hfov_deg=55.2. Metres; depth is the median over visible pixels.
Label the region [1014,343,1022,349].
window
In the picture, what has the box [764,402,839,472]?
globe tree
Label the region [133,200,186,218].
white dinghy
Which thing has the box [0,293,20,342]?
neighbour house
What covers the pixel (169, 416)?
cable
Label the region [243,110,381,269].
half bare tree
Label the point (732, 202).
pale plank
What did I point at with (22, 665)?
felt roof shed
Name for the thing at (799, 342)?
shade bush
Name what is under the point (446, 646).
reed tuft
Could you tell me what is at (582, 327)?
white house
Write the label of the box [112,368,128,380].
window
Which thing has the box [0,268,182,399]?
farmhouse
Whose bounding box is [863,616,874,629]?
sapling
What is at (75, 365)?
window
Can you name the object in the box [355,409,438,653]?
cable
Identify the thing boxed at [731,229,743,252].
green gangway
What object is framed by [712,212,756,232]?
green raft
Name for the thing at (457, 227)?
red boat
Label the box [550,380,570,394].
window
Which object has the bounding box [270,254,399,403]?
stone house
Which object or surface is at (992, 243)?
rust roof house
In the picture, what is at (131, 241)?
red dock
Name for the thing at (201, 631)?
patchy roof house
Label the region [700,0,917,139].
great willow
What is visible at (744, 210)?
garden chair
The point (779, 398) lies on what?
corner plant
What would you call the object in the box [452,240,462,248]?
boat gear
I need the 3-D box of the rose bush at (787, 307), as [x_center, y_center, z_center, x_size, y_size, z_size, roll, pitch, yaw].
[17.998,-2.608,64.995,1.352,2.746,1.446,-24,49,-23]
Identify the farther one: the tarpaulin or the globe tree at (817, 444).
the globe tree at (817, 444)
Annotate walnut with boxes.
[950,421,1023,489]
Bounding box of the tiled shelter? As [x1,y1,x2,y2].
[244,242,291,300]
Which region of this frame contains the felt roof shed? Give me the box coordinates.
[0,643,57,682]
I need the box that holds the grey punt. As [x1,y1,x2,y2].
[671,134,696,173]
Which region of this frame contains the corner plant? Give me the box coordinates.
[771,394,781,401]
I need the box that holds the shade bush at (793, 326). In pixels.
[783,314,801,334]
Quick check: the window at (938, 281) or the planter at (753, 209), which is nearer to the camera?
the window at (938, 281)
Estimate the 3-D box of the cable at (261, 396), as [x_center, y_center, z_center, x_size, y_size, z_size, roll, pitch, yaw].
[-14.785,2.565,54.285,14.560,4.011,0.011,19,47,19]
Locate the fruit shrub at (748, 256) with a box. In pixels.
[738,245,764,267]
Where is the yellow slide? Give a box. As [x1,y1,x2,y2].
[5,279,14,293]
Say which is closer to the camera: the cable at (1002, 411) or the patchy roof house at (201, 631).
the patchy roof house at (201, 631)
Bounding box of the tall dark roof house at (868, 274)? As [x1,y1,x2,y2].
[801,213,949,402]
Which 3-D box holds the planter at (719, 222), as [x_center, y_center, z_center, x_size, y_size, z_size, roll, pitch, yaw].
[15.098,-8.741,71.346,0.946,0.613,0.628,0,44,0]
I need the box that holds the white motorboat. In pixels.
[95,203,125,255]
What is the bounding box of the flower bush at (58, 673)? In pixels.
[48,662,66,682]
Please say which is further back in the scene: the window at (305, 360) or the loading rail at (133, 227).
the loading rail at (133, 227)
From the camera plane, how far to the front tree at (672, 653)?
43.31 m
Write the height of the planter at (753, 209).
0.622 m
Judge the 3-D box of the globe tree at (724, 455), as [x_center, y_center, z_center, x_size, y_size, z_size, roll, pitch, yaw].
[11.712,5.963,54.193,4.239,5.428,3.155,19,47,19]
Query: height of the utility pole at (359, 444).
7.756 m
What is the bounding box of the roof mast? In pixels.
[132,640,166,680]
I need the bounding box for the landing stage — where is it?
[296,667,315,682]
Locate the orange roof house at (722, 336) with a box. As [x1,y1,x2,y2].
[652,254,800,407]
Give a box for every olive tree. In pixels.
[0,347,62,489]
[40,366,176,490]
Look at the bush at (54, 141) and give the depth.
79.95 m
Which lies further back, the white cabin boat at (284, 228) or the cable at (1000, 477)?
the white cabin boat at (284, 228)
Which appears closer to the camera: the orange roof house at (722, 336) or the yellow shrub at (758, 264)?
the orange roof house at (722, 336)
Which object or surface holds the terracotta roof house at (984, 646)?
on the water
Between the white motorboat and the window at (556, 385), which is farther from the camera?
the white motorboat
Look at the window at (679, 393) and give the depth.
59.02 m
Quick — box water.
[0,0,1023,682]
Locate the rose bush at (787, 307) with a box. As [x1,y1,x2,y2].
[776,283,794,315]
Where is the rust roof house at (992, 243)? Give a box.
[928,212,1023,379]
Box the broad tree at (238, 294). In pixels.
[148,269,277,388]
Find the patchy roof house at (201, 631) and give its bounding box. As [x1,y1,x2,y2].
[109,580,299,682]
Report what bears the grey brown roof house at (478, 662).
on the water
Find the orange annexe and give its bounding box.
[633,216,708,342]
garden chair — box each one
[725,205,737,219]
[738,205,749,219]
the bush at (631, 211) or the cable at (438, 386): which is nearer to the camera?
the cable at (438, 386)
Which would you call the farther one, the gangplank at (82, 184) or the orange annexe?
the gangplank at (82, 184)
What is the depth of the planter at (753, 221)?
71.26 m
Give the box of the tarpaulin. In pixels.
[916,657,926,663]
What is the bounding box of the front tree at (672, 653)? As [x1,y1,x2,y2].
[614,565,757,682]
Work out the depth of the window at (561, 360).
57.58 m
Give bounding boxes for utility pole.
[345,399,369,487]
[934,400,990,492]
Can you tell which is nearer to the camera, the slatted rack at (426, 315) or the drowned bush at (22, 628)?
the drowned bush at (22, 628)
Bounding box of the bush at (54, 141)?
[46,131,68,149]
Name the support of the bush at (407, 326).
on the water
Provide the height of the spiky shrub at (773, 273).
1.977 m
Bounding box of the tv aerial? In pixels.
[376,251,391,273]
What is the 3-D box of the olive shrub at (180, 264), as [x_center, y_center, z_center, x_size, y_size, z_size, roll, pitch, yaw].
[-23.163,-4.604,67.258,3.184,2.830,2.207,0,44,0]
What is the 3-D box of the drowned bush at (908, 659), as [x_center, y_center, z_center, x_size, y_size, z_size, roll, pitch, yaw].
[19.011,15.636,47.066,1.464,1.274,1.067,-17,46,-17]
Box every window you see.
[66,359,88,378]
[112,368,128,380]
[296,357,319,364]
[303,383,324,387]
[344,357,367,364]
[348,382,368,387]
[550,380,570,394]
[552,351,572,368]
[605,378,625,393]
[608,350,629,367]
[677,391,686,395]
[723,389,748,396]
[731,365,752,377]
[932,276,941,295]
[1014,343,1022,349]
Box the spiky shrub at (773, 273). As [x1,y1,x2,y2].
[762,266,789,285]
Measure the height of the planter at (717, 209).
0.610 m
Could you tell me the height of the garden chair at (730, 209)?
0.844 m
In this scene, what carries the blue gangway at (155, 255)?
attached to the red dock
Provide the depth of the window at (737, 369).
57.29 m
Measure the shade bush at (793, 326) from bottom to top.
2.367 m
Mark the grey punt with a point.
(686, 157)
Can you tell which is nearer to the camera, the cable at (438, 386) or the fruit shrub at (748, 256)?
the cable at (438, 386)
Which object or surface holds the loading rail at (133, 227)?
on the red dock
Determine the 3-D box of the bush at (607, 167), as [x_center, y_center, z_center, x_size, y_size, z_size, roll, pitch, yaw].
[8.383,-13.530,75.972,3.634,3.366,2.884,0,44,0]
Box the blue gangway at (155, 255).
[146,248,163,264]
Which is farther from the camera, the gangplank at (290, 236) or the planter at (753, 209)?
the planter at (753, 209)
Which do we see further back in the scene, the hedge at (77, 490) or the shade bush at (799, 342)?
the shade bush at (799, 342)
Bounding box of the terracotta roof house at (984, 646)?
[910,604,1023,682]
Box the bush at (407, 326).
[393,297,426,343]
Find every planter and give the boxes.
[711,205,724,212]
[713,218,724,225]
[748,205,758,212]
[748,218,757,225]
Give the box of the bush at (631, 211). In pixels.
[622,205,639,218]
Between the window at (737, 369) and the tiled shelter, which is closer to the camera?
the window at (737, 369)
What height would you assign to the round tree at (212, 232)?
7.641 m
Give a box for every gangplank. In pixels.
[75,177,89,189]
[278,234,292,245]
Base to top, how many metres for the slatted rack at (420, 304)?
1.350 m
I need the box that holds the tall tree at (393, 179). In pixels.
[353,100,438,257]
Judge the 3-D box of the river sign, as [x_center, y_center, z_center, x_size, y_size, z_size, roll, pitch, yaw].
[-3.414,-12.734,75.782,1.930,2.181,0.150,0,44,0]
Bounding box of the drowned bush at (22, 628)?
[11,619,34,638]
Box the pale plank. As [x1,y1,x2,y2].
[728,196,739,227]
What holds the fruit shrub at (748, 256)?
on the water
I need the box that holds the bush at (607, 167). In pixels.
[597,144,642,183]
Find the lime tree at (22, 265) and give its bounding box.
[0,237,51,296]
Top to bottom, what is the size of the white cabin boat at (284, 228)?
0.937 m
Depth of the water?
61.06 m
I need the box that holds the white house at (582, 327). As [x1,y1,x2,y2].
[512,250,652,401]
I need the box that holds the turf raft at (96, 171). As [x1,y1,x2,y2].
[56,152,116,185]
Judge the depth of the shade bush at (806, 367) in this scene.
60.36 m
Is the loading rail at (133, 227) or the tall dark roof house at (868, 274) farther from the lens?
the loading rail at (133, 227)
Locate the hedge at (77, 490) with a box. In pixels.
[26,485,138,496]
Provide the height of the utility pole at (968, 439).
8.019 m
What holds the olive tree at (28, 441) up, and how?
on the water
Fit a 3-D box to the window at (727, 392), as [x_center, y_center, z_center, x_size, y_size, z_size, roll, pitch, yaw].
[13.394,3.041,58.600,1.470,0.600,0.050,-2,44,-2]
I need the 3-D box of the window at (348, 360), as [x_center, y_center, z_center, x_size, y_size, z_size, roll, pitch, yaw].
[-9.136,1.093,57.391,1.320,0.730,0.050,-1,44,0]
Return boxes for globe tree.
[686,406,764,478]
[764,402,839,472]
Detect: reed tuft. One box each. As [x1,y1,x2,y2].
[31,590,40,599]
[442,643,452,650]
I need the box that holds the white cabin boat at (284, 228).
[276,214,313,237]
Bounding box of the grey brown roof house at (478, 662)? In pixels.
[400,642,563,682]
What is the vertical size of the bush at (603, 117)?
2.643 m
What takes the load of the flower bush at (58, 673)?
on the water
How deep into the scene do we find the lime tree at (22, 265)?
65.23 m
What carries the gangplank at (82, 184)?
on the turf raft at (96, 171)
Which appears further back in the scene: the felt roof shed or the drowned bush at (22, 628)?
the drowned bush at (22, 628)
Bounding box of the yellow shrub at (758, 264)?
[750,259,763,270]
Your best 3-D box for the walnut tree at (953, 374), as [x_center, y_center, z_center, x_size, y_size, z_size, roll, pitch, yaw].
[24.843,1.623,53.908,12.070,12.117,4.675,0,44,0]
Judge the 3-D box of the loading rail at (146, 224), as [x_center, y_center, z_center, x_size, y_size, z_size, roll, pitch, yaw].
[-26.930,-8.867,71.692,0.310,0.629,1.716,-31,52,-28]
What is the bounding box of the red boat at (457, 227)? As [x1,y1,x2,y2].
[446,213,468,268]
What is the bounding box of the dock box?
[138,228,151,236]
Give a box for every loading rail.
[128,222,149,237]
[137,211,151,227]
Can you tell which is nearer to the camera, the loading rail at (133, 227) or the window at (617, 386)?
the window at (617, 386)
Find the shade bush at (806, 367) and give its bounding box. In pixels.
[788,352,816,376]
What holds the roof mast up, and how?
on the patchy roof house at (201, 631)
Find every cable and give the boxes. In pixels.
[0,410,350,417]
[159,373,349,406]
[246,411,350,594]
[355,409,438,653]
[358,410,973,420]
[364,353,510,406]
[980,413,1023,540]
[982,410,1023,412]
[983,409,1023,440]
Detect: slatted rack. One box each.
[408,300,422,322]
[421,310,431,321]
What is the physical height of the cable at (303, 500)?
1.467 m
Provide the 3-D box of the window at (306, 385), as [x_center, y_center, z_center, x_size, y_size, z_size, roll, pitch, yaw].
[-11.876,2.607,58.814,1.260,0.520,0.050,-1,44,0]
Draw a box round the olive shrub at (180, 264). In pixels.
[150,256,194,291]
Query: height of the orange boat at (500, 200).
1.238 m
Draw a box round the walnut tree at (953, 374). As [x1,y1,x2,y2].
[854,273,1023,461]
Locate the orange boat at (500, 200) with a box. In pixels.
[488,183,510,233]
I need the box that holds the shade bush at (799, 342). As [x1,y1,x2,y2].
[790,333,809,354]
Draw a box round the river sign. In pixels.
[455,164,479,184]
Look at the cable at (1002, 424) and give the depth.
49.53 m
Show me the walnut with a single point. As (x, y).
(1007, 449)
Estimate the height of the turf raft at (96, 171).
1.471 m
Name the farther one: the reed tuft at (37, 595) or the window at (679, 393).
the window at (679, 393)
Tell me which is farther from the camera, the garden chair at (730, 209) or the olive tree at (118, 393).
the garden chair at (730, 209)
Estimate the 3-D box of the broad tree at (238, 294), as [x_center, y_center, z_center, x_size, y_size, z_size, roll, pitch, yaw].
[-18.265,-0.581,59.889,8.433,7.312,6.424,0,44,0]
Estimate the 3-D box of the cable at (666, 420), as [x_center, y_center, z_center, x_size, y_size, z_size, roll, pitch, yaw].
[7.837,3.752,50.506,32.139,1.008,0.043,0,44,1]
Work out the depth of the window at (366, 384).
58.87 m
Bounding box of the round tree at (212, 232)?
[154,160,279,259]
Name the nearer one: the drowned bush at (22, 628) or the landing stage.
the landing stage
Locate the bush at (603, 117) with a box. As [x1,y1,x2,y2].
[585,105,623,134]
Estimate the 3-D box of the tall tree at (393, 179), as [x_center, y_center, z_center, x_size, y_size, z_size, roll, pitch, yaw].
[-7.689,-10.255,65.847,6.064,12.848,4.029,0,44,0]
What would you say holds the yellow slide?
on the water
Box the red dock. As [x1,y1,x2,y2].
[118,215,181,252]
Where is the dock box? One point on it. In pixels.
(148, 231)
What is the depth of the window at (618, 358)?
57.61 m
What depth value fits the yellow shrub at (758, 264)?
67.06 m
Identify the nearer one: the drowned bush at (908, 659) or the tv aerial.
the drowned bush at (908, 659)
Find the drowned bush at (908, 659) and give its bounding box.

§ TASK INSTRUCTIONS
Quote only the lines from the line containing "Estimate the 3-D box of the cable at (666, 420), as" through the end of the listing, please, keeping both the first and the last line.

§ EXPECTED ANSWER
Estimate the 3-D box of the cable at (666, 420), as [x_center, y_center, z_center, x_size, y_size, z_size, roll, pitch, yaw].
[7.837,3.752,50.506,32.139,1.008,0.043,0,44,1]
Work out the depth of the window at (366, 384).
58.87 m
Bounding box of the round tree at (212, 232)?
[154,160,279,259]
Name the nearer one: the drowned bush at (22, 628) or the landing stage.
the landing stage
Locate the bush at (603, 117) with a box. As [x1,y1,x2,y2].
[585,105,623,134]
Estimate the 3-D box of the tall tree at (393, 179), as [x_center, y_center, z_center, x_size, y_size, z_size, roll, pitch, yaw].
[-7.689,-10.255,65.847,6.064,12.848,4.029,0,44,0]
What would you say holds the yellow slide?
on the water
Box the red dock. As [x1,y1,x2,y2].
[118,215,181,252]
Where is the dock box? One point on it. In pixels.
(148, 231)
What is the depth of the window at (618, 358)?
57.61 m
What depth value fits the yellow shrub at (758, 264)?
67.06 m
Identify the nearer one: the drowned bush at (908, 659) or the tv aerial.
the drowned bush at (908, 659)
Find the drowned bush at (908, 659) and give its bounding box.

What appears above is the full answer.